A historical and inspiring scenario in the heart of the Russian capital marked the official start of the enrolment period (which lasts until March 27) through different activities, like the itinerant exhibition Next Bath Experience, which showcased an imagined future where products, innovation, personal experiences and technology merged in a multi-screen installation to express how technical and economic feasibility should not be a pressure for the participants, but a challenge: “We’d like to promote talent and to create innovative design solutions for the bathroom space”, remarked Núria Vall-Llovera, curator of the contest.

So far, the competition has celebrated seven editions, with more than twenty thousand participants from one hundred and thirty-four countries, which consolidates it as a great initiative to support and promote the projects of architects, interior architects, industrial designers, interior designers, building engineers or any other related professionals (forty years or younger), with different categories and prizes.

During the event, Xavi Torras, director of the We Are Water Foundation, and Boris Voskoboynikov, head and chief architect of the studio Vox Architects and prize-winner of Russian and international competitions, participated in a Jumpthegap® talk where the architect explained to us his vision about “the dream of creating designs to make people happy”, inviting us to think that everything is possible.

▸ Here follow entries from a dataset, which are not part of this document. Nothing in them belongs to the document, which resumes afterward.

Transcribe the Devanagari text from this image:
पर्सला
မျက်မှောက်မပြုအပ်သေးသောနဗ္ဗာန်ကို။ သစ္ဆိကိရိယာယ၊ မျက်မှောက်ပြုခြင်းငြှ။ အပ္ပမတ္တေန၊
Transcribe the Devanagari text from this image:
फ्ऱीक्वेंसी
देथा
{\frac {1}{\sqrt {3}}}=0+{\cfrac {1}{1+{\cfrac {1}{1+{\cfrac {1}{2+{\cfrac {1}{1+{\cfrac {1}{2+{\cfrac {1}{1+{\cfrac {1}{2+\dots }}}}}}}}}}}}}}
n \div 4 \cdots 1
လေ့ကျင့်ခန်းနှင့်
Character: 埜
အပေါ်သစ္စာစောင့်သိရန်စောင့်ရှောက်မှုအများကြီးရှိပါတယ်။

Torras, on the other hand, explained us how sustainability, accessibility, adaptability and eco-friendly systems can minimize the user’s consumption and provoke a positive reaction on him/her. He also told us about We Are Water Foundation’s responsibility to invest in professionals for the future and how design can change people’s lives.

We also had a chance to talk to other guests like Natalia Sidorova, founder of the Dnk-Ag architectural group, who considered this initiative a really good opportunity since “ideas have no frame and young architects and designers can get great visibility and boost their careers”. Which is precisely what happened to Mohammadreza Shahmohammadi, the winner of last year’s edition in the Sustainability category. He achieved so with Panacea, a bath manufactured in an elastic material that allows its moulding to obtain the required shape and size so it can be adapted to any space and can store less amount of water, with a locking system to avoid the drowning of children when it is not in use.

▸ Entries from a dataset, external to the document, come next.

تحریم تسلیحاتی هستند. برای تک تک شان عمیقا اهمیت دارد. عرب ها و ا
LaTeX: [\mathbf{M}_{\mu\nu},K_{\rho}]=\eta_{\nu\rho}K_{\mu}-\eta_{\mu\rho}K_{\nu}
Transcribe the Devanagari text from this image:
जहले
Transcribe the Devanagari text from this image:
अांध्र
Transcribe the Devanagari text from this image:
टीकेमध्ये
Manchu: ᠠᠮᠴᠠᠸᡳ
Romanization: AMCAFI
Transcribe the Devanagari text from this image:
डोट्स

It was Roca’s 100-anniversary celebration that reminded me to extend my vision beyond the product itself and focus on a way in which the object could exist. Dividing the product's shape into an active and innovative mode offers lots of solutions for today’s issues. It can help evolve the spatial features of objects to that future in which expansion and condensation make a type of frame for the bathtub, which reshapes properly [according to the space]. The concept of Panacea tries to show the benefits of an elastic, articulated base as a loom to represent any bathtub, not just another”, told us Mohammadreza.

And how to stand out from hundreds of proposals? In this edition, the president of the jury is the acclaimed Brazilian architect Ruy Ohtake. Other members of the jury are prestigious professionals from different countries like Emilio Cabrero (Mexico), director of the Mexico City World Design Capital 2018 and the Design Week in Mexico; Murat Tabanlıoğlu (Turkey), founder of Tabanlıoğlu Architects, professor, lecturer and curator; Dorota Koziara (Poland) designer, artist and curator or Boris Voskoboynikov (Russia), among other relevant profiles. Ready? Steady? Design!
Registration on jumpthegap.net is now open until March 27 2019, and participants can deliver their projects until April 25, 2019.